This paper presents a comparative study using the first-order formula (also called “sandwich”) and the multivariate sampling methodologies for propagating uncertainty in the resolved resonance region. A distinctive aspect of this work is the generation of random cross sections by sampling Resonance Parameters (RPs) taking in consideration their correlations provided in nuclear data libraries via the Resonance Parameter Covariance Matrix (RPCM). SCOOBY (Sampling COvariance OBservatorY), a newly developed sampling tool, is presented in this paper. This tool relies on the GAIA-2 nuclear data processing code to read and correct the RPCM and generate random cross sections.
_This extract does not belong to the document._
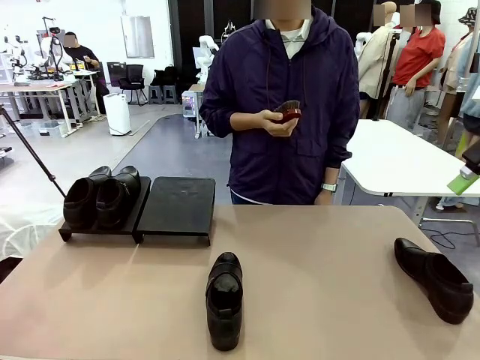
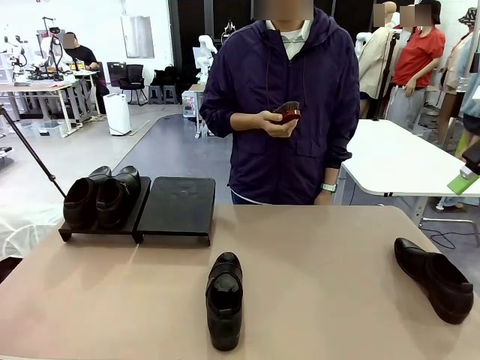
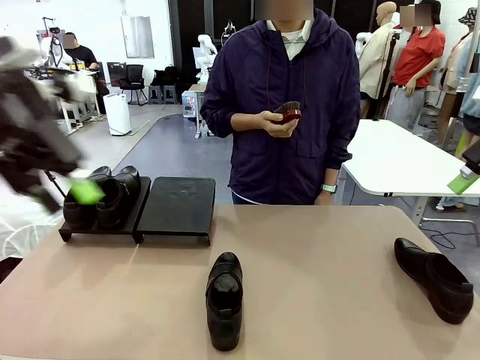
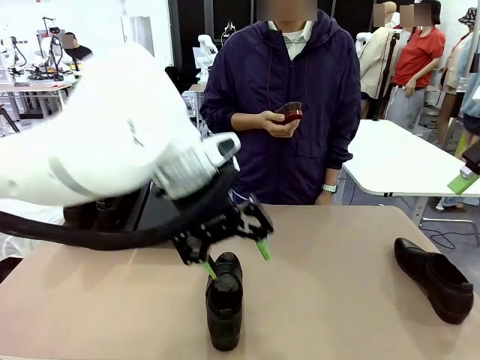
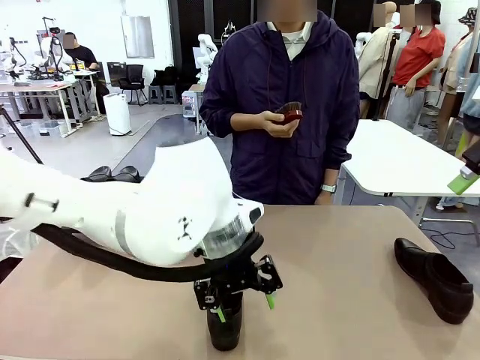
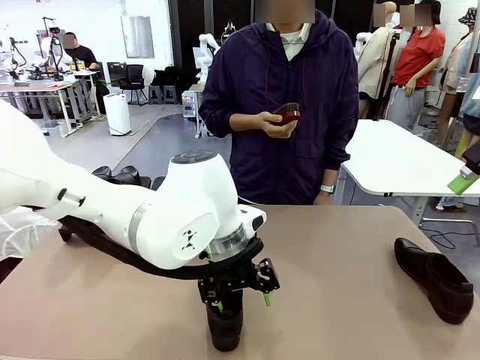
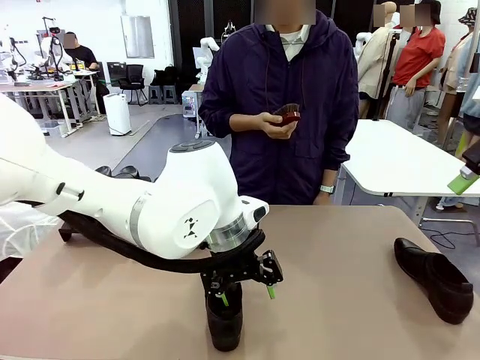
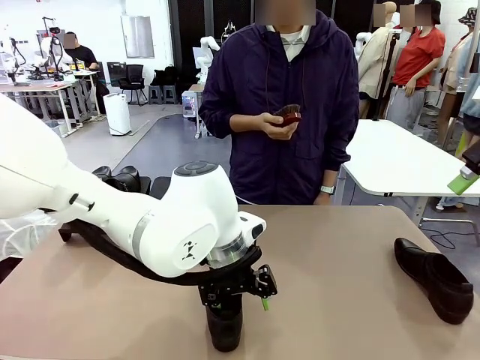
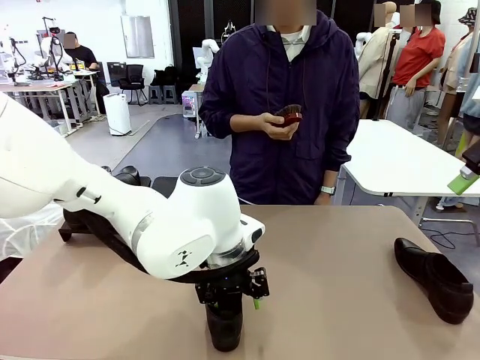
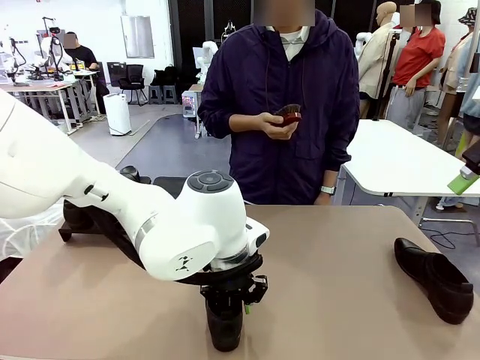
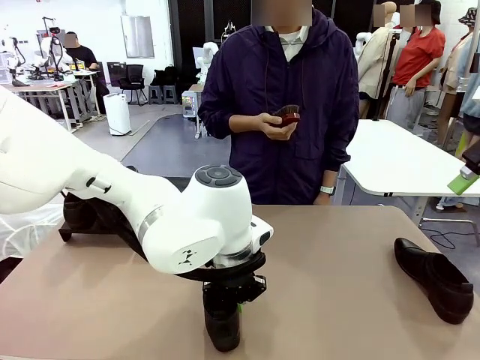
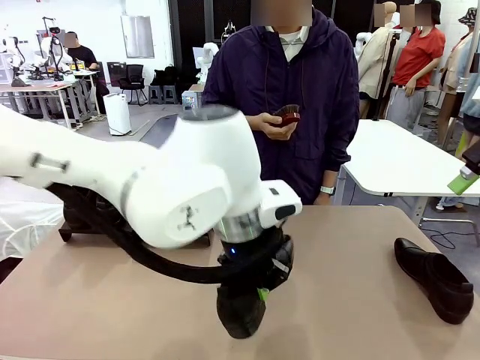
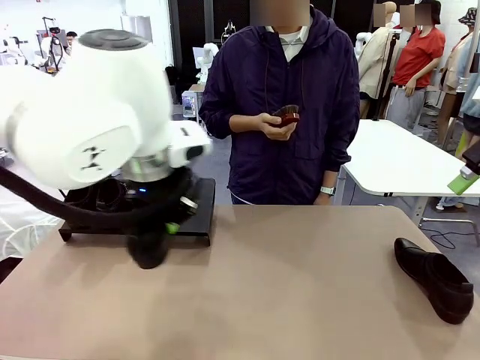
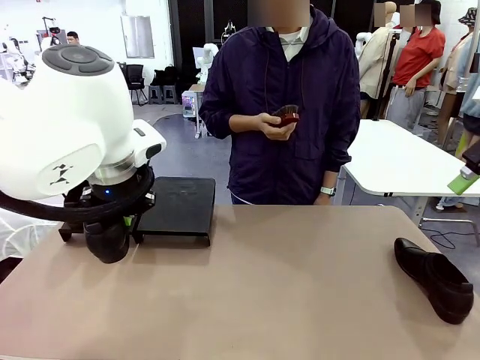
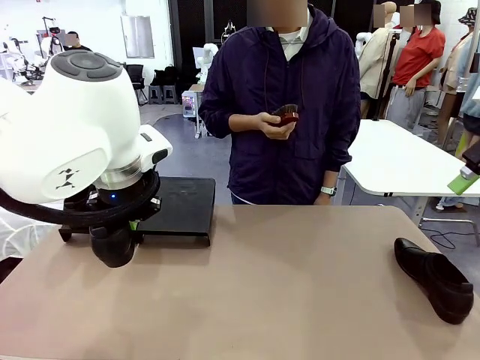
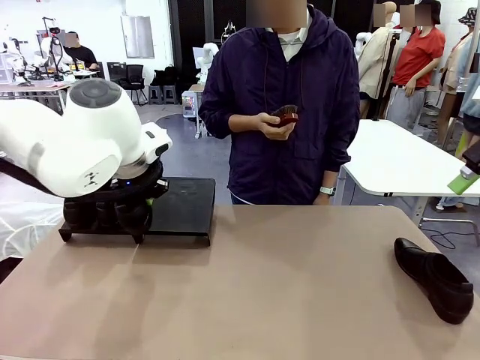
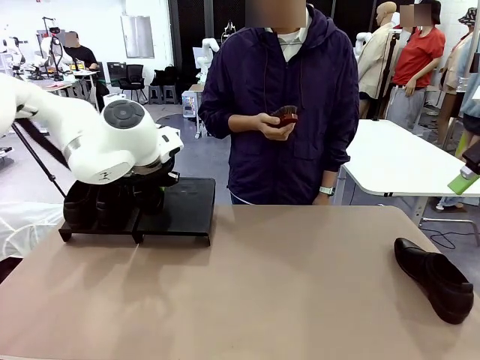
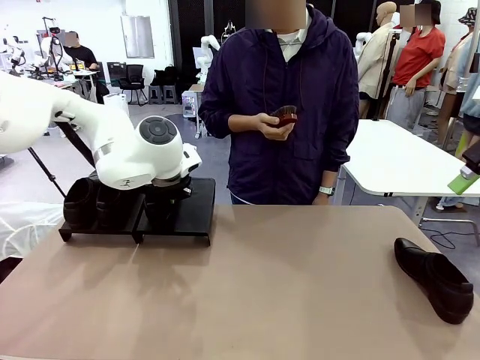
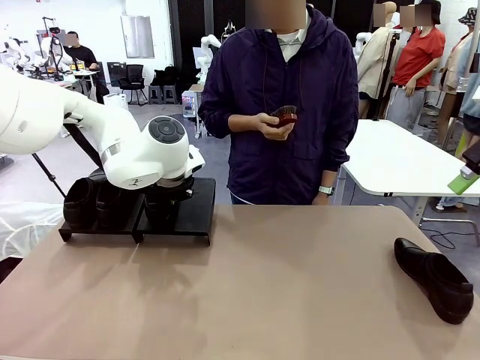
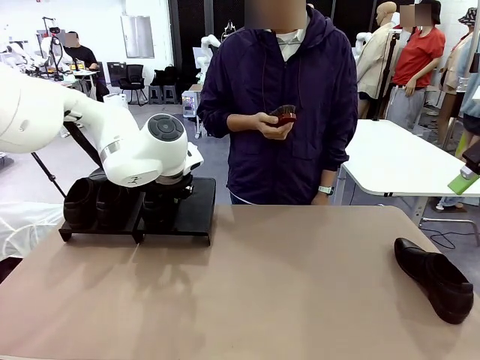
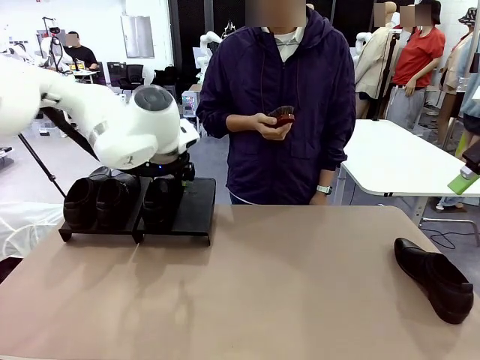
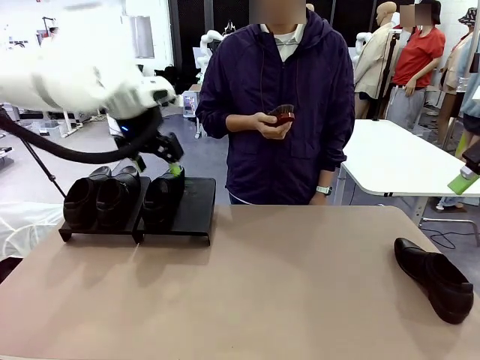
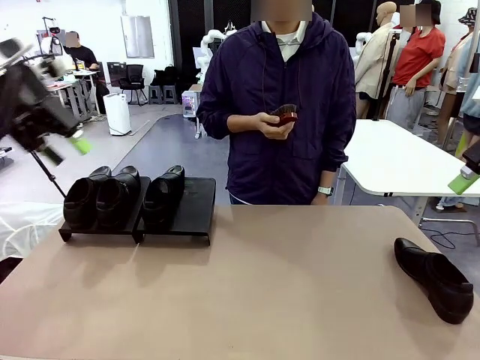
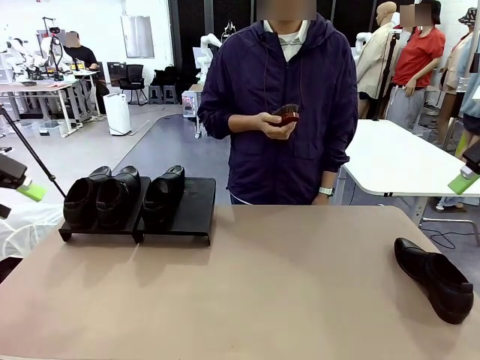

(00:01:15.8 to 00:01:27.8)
Task: Organize the shoes by placing them on the stand.
Robot: Place the Shoe from the middle of the table onto the Shoes Stand.

The study compares the sandwich method that relies on sensitivity coefficients and covariance matrices, with the sampling method, which involves numerous Monte Carlo simulations with random cross sections. The comparison is tested on an ICSBEP benchmark, PU-MET-MIXED-002, chosen for its sensitivity to 239Pu cross sections. The results indicate that both methods quantify similar uncertainties, confirming the reliability of both the SCOOBY module and the GAIA-2 code.
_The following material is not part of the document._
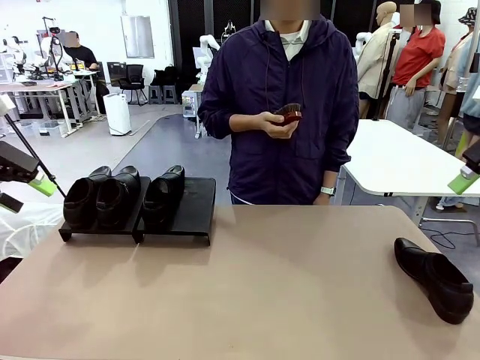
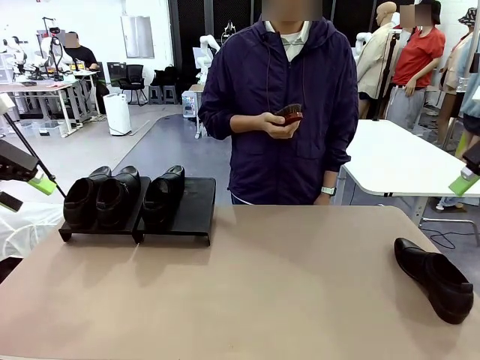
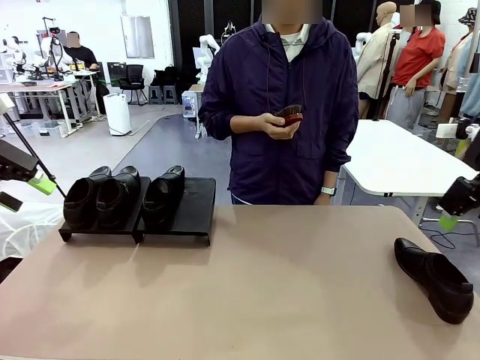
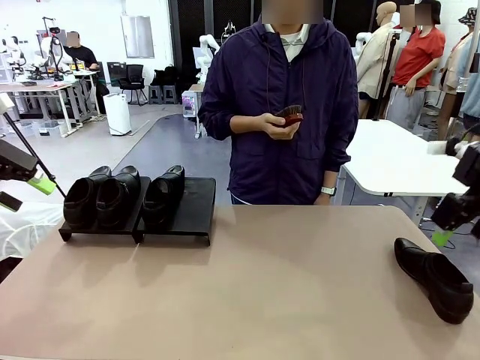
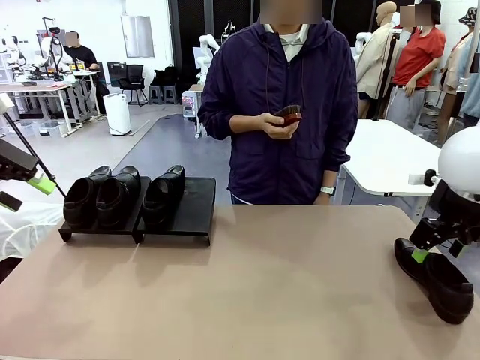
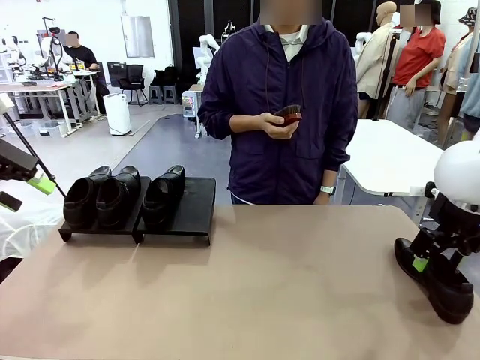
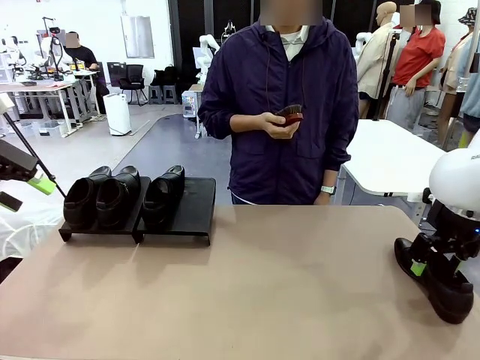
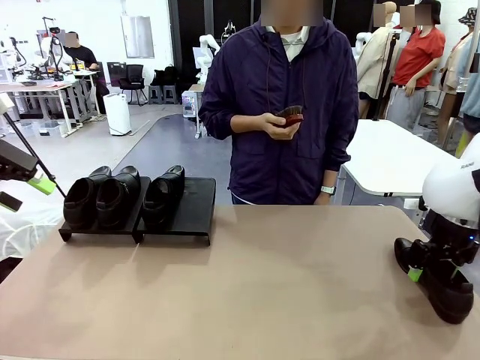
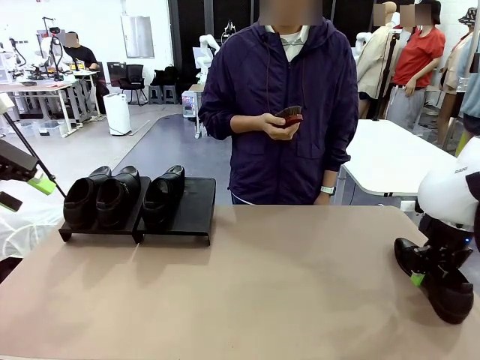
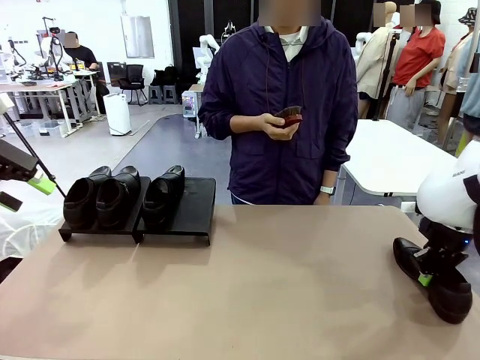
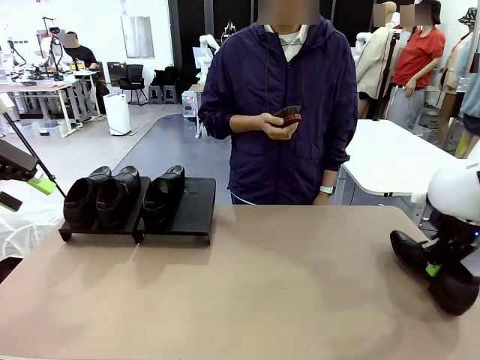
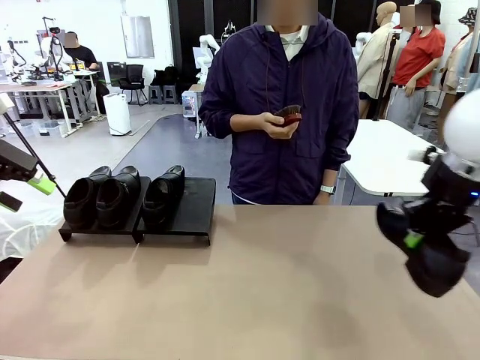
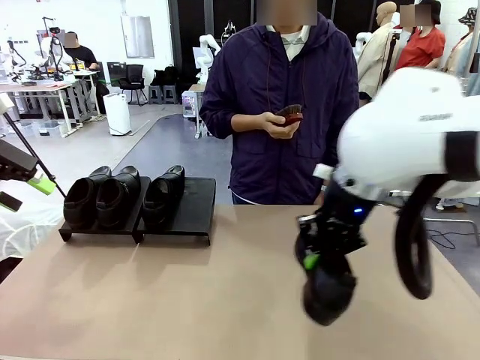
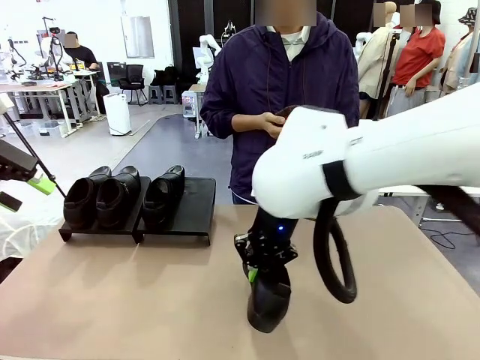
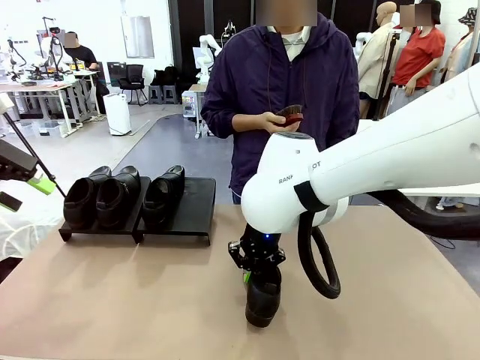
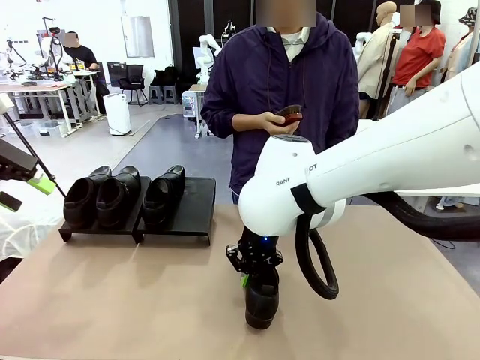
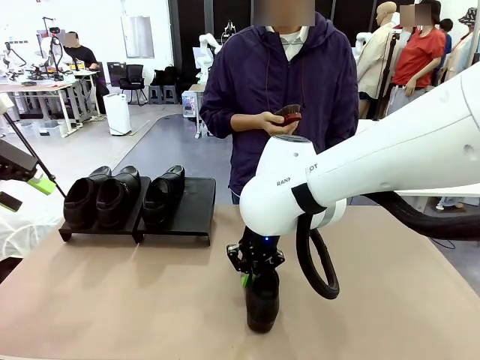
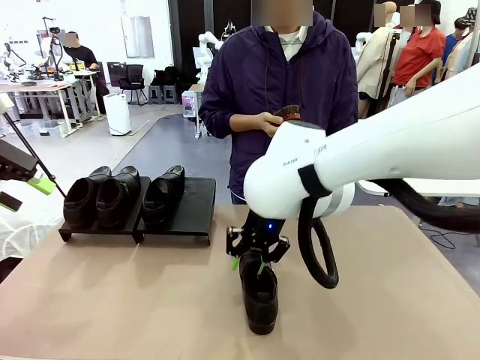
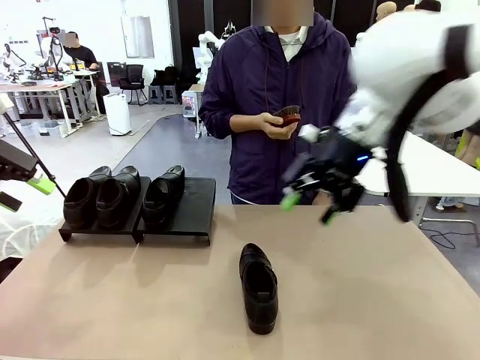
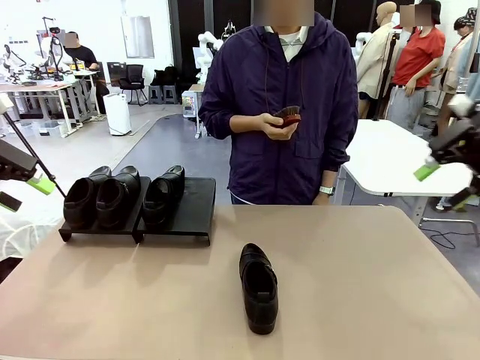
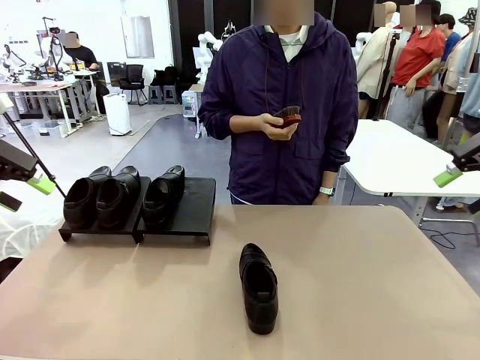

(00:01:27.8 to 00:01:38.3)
Robot: Pick up one Shoe and place it in the middle of the table.

By using the PU-MET-MIXED-002 benchmark and sampling 239Pu resonance parameters, this work demonstrates the effectiveness of these methodologies in estimating uncertainty in criticality safety calculations. The findings highlight the robustness of these approaches in uncertainty propagation, suggesting the need for further research on additional benchmarks and expanded uncertainty propagation studies.